Trump’s approval rating in the latest Gallup survey—in which 42% now have a positive assessment of the President’s performance versus 56% who disapprove, a 14-point spread—is slightly more negative than the polling averages compiled by both RealClearPolitics and FiveThirtyEight. In the former composite, as of this writing, 44.8% approve versus 53.7% who disapprove, for a gap of 8.9 percentage points; in the latter, the findings are similar: 43.2% approval vs. 52.7% disapproval, a spread of 9.5 points.

Jones says one reason for that discrepancy is that, in the Gallup surveys above, the firm polls “all adults” rather than using a model that tries to assess likely voters. And, in fact, in FiveThirtyEight’s current calculation of polls using that same criteria, Trump’s average approval rating (41.6%) is similar to that in Gallup’s survey, which has a margin of error of plus or minus 4 percentage points.

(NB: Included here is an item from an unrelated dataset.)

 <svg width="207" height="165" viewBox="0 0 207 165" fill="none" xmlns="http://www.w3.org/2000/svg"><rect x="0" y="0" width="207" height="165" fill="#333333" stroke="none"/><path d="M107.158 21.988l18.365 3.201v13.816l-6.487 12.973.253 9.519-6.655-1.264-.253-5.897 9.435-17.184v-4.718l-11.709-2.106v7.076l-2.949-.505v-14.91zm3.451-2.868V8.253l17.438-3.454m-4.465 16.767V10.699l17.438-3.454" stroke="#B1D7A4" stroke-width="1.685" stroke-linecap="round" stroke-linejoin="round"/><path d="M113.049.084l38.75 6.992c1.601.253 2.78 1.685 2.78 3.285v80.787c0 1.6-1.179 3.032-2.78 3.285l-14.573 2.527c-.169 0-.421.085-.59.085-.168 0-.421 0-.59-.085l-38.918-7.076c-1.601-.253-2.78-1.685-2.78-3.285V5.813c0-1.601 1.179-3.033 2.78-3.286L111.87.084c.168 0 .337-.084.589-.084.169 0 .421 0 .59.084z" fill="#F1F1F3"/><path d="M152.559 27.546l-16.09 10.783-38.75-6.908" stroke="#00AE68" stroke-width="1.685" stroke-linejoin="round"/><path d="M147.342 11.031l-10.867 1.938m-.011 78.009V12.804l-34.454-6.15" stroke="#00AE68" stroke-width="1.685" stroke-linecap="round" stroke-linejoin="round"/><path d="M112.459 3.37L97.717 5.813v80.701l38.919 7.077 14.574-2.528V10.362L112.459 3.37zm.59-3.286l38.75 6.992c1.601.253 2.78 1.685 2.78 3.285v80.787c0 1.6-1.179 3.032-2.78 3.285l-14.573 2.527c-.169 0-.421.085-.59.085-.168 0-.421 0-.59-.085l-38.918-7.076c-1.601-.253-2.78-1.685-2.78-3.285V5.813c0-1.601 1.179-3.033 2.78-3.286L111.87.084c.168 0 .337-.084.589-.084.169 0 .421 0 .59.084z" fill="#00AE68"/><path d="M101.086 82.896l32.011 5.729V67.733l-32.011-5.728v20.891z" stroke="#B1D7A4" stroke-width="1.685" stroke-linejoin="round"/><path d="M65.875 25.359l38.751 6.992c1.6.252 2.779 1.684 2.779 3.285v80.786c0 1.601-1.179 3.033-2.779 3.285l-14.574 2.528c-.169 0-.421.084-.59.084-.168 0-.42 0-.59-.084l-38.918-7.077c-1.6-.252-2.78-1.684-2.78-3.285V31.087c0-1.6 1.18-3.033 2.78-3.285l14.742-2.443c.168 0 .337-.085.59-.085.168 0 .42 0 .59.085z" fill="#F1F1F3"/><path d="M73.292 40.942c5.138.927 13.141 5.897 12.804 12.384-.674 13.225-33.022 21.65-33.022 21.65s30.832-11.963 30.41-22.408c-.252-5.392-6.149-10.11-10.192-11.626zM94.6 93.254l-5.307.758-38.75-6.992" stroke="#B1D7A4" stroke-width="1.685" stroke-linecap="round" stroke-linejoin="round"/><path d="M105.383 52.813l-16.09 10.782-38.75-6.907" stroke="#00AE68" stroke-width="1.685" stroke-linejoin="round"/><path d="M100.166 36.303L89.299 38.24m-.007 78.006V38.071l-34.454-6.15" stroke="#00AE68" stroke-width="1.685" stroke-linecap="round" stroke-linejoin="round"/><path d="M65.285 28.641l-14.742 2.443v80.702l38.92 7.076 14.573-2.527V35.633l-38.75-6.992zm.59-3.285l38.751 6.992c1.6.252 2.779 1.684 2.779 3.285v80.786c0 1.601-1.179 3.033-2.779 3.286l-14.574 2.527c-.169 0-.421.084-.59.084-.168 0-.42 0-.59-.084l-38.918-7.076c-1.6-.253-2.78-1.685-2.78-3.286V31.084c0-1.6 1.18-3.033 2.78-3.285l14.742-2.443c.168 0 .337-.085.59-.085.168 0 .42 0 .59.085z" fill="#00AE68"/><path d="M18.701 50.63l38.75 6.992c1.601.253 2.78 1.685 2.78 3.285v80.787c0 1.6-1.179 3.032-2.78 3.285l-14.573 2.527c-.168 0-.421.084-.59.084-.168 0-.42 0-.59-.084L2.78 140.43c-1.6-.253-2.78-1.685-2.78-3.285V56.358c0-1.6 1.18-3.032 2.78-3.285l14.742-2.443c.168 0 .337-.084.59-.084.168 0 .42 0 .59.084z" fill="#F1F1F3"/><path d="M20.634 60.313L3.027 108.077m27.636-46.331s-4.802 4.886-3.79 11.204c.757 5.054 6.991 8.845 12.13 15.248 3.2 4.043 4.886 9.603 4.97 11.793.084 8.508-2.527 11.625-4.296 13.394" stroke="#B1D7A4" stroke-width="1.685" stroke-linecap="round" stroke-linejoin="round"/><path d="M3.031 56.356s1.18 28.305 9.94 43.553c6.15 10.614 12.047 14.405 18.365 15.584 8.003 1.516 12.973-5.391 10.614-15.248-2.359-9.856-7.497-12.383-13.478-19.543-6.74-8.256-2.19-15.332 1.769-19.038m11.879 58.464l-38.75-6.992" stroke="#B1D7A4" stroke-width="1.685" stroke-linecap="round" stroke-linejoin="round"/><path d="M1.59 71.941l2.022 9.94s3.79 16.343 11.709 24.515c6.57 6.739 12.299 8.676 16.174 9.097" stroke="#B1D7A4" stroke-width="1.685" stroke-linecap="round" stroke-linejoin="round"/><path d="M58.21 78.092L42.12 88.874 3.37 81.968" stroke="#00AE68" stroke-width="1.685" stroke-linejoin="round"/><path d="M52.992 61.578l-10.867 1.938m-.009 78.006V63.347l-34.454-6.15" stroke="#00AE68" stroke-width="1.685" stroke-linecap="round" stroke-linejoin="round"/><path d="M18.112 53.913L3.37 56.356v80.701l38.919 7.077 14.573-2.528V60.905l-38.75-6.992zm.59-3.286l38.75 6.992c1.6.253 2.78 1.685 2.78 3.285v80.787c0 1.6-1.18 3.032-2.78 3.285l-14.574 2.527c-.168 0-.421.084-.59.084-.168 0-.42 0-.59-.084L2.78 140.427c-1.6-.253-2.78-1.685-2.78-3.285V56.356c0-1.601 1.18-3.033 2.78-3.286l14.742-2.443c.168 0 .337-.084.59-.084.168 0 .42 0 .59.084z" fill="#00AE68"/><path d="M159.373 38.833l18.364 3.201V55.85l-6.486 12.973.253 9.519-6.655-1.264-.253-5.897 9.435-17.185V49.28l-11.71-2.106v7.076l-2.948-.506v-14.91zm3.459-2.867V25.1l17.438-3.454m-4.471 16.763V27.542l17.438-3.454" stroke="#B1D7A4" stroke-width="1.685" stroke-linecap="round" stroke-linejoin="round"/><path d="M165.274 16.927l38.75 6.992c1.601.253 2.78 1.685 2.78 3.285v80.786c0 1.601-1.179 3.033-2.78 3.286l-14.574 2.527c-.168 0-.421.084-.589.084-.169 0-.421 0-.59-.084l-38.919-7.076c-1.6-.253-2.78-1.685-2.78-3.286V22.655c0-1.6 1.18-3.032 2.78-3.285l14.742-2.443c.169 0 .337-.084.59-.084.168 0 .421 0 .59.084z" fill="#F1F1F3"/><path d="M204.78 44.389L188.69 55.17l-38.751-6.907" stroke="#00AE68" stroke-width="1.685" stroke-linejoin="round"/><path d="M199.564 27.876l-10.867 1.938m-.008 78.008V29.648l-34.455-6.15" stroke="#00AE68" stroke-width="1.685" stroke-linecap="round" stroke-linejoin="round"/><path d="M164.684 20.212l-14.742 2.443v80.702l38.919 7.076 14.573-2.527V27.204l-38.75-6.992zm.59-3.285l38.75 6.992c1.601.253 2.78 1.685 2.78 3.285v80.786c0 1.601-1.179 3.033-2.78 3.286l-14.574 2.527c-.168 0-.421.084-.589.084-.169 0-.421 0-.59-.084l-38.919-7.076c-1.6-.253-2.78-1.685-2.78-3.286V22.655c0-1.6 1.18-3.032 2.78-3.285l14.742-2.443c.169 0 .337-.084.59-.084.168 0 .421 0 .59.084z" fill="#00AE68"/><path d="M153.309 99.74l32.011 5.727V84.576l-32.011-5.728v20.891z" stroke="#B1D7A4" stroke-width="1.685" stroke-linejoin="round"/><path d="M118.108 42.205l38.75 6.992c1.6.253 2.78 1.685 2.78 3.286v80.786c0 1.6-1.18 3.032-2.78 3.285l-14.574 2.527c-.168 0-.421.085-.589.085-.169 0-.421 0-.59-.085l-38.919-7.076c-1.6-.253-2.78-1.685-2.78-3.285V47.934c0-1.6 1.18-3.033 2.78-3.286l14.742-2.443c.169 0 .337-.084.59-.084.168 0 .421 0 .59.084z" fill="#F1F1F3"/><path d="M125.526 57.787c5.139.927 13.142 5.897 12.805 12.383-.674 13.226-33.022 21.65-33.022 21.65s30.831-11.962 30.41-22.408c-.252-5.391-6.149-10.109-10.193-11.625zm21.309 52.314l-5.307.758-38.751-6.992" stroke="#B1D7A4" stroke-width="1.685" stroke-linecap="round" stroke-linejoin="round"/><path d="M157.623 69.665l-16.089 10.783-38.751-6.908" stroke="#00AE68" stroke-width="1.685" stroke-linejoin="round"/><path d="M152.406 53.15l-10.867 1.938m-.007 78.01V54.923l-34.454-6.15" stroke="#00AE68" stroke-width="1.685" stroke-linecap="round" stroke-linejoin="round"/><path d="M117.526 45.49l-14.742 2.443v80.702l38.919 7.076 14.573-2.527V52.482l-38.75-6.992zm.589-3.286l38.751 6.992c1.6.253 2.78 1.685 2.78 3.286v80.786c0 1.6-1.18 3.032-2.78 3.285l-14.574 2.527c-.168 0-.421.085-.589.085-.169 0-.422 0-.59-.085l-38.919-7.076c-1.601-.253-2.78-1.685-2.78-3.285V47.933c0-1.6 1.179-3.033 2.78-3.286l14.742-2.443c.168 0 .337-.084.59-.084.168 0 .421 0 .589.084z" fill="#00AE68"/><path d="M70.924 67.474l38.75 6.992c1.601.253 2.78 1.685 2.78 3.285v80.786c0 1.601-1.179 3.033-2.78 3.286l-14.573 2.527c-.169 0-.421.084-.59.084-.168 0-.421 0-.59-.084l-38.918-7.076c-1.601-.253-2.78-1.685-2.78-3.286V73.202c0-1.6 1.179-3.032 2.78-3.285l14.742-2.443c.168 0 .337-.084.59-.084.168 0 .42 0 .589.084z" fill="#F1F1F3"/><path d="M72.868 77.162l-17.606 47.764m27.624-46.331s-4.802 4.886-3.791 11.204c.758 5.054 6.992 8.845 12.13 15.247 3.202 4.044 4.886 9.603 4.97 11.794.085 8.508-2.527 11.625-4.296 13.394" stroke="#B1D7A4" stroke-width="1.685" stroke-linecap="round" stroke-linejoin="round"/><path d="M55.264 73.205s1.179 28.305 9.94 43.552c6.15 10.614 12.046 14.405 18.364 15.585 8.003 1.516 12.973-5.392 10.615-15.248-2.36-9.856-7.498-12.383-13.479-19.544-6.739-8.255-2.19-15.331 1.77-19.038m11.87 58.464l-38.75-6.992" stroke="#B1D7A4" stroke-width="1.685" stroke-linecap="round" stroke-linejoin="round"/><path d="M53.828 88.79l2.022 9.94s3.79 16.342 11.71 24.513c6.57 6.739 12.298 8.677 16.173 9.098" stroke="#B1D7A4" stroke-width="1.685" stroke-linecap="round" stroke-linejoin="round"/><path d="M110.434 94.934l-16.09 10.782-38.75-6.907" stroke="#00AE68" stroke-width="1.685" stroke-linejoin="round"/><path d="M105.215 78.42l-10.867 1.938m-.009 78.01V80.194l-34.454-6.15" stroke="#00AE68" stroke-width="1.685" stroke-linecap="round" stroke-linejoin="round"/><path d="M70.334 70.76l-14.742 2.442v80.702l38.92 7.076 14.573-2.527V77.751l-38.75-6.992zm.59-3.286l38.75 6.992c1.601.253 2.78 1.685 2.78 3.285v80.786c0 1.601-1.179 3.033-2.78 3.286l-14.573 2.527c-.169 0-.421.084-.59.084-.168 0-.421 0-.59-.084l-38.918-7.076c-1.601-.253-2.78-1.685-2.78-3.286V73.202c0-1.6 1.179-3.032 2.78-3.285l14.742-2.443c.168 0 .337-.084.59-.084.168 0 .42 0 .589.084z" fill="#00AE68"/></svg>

Even if President Trump’s approval rating is actually closer to the high end of that margin of error, however, it would still put him under water come November—unless, say, something dramatic (he outduels Vice President Biden in the coming debates, the threat of COVID-19 suddenly wanes, or perhaps the economy bounces back sharply) happens over the next six weeks. Though Mr. Trump did win in 2016 with only 46.1% of the popular vote (compared with Hillary Clinton’s 48.2%), the circumstances then were quite different than they are today. “2016 was a choice election and many people didn’t really like either choice,” Jones says. “Because of that, you had higher votes for third-party candidates, which easily could have tipped the scales in the three states [Michigan, Wisconsin, and Pennsylvania] where the election basically came down to fewer than 100,000 votes. In addition, you had lower turnout among Democrats and people voting, but not voting for president in some cases. All of that can certainly make a difference when an election is as close as it was then. I’m not sure that those things are going to hold this year.”

“Polls are not laser precision instruments,” he cautions. “They can give you a pretty good sense of where things stand in a given moment, but can they always pinpoint it to one or two points? Can they call an election in which one candidate is going to win by one percent or less? That’s quite a challenge. If they are right, a lot of that is luck.”

But the gap right now is wide, at least by the limited gauge of history. Says Jones: “It just seems hard to imagine, being in the low 40s with no third-party candidate, that the President has a good shot at this point.”